Texte : Marco Polisson. Exclusif. Après deux années de polémiques ridicules et alors que la détestation des Lyonnais envers les élus verts atteint des sommets, l’heure est au recadrage chez les écolos qui sont contraints d’abandonner le dogme de l’écologie punitive. On se pince pour y croire dans ce nouvel épisode de la série #Lyon écolo.

L’impulsion est venue d’ailleurs. De Paris pour être précis. Au QG de campagne de Yannick Jadot, gros légumes (bio) et têtes pensantes (sic) de l’écologie pastèque ont planché sur les raisons de l’échec de leur candidat, qui n’arrive pas à décoller dans les sondages. Après avoir sillonné la France à ses côtés, ils ont pu dresser un tableau peu reluisant de l’état d’esprit qui règne dans les villes administrées par les écologistes, notamment à Lyon.

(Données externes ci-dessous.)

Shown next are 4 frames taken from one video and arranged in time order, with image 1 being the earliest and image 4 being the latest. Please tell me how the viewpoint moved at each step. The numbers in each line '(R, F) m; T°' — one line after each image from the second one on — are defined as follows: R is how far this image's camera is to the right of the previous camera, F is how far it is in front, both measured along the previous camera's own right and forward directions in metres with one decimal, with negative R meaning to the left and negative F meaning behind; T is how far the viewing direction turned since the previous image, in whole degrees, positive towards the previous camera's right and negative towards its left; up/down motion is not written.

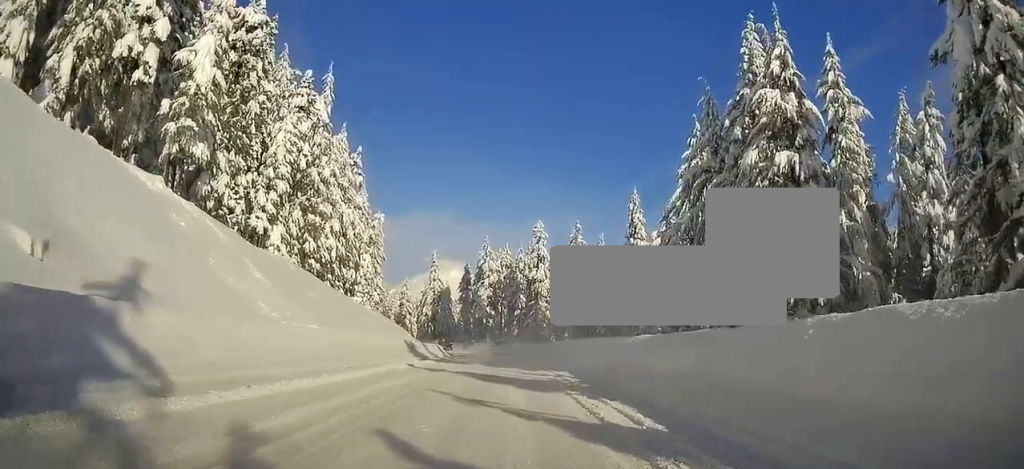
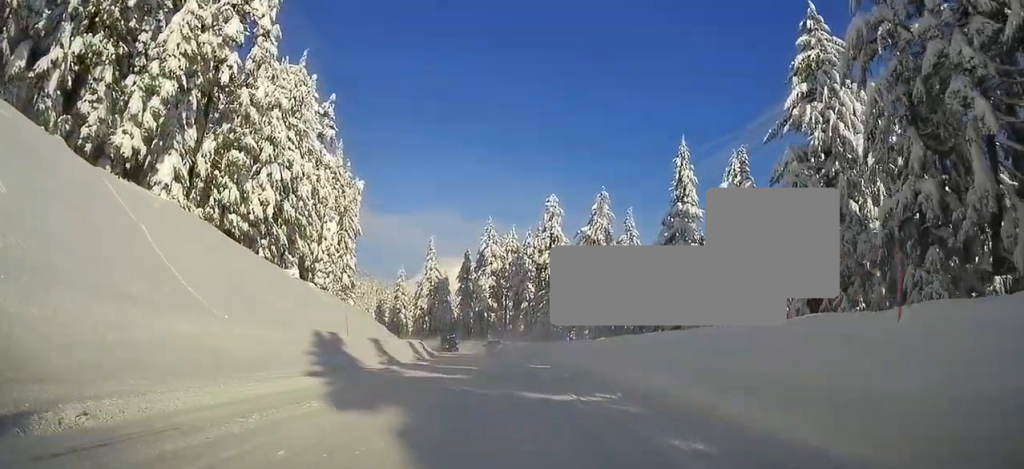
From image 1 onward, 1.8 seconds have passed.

4000 personnes ont participé au meeting de Yannick Jadot au Zenith. Et elles venaient de toute la France…

Alors que la conquête de 10 métropoles en 2020 et leur transformation en villes « du bien-être écolo » devaient servir de rampe de lancement à Yannick Jadot, la réalité observée sur le terrain s’apparente plus à « Cauchemar en cuisines » qu’à la cité de la joie. Partout, le candidat écologiste est contraint d’éteindre le feu des outrances et de récolter les retombées négatives des khmers verts qui dirigent ses villes.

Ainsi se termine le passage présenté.